Assignment:
Copy the lines below word for word, skipping any image.
----- Task inputs -----
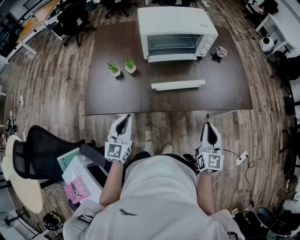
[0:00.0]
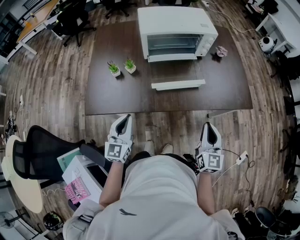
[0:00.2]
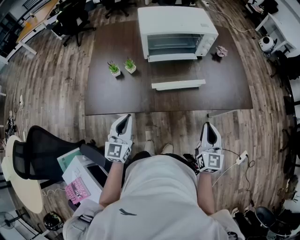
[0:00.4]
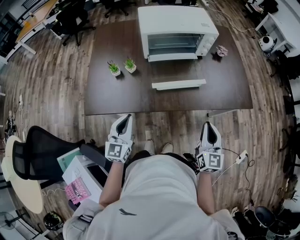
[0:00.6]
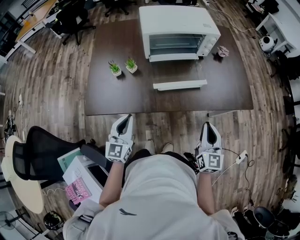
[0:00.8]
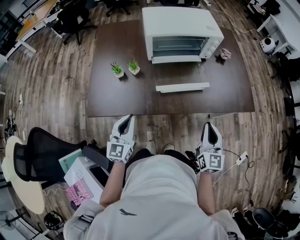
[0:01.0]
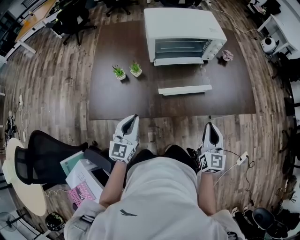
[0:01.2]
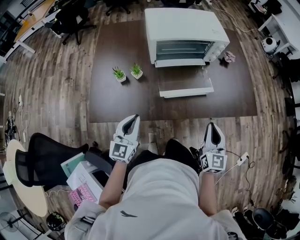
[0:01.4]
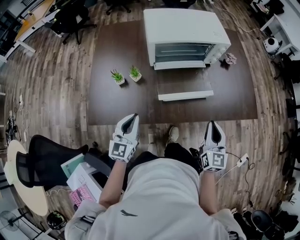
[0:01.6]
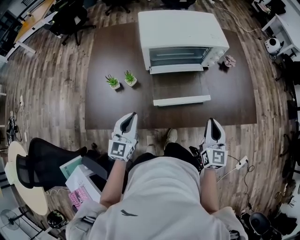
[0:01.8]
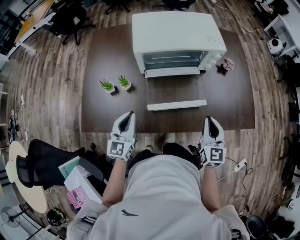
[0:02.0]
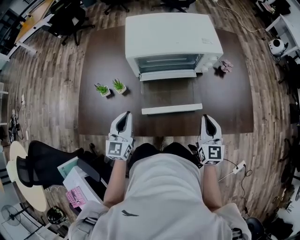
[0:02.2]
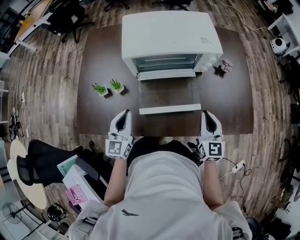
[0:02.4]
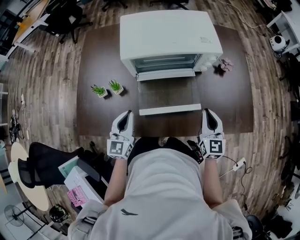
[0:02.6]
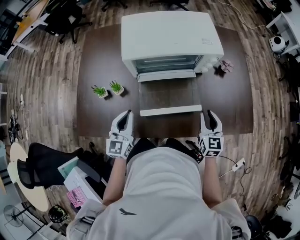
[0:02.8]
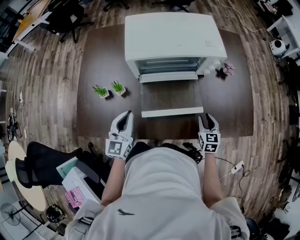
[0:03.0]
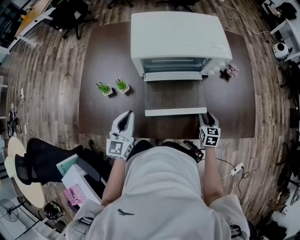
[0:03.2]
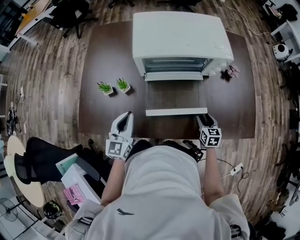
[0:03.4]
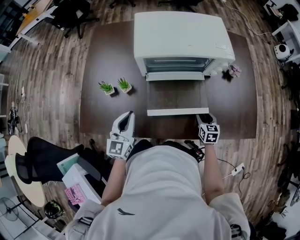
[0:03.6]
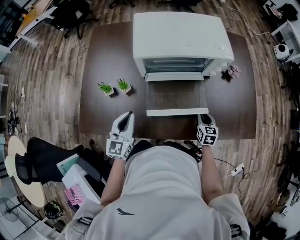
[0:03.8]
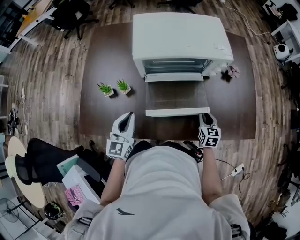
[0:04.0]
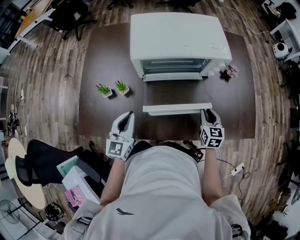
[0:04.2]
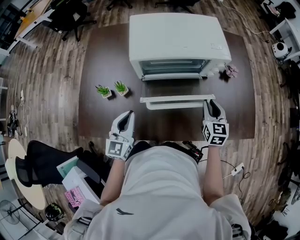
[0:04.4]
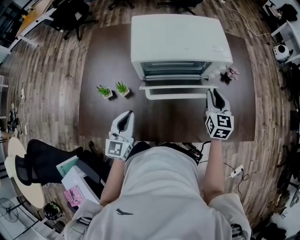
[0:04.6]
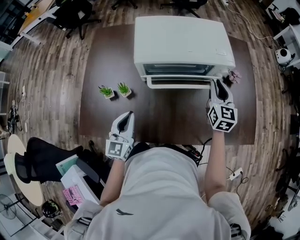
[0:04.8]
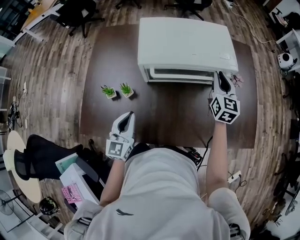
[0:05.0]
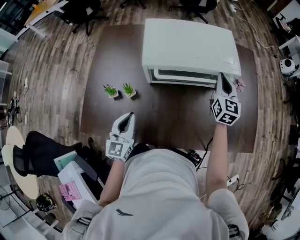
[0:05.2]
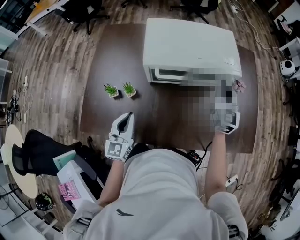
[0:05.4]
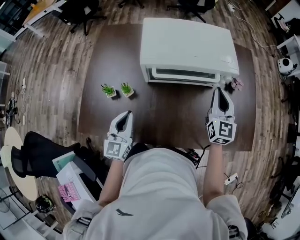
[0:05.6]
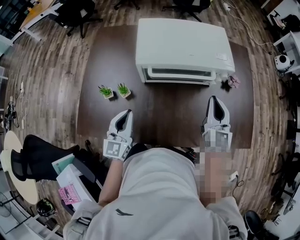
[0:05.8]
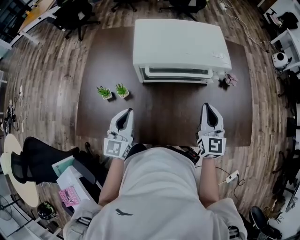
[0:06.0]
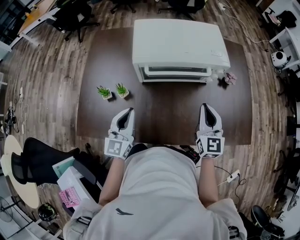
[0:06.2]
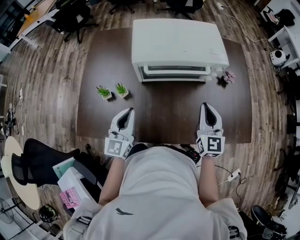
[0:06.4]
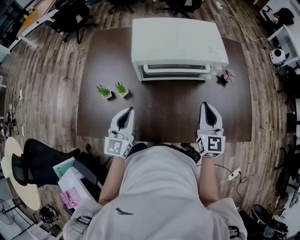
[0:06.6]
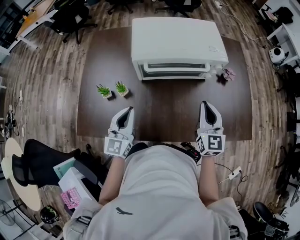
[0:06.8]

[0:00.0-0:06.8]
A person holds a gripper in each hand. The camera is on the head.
-----
Reply:
[0:00.0]
[0:00.2]
[0:00.4]
[0:00.6]
[0:00.8]
[0:01.0]
[0:01.2]
[0:01.4]
[0:01.6]
[0:01.8]
[0:02.0]
[0:02.2]
[0:02.4]
[0:02.6]
[0:02.8]
[0:03.0]
[0:03.2]
[0:03.4]
[0:03.6]
[0:03.8]
[0:04.0]
[0:04.2]
[0:04.4]
[0:04.6]
[0:04.8]
[0:05.0]
[0:05.2]
[0:05.4]
[0:05.6]
[0:05.8]
[0:06.0]
[0:06.2]
[0:06.4]
[0:06.6]
[0:06.8]

[0:00.0-0:06.8]
A person holds a gripper in each hand. The camera is on the head.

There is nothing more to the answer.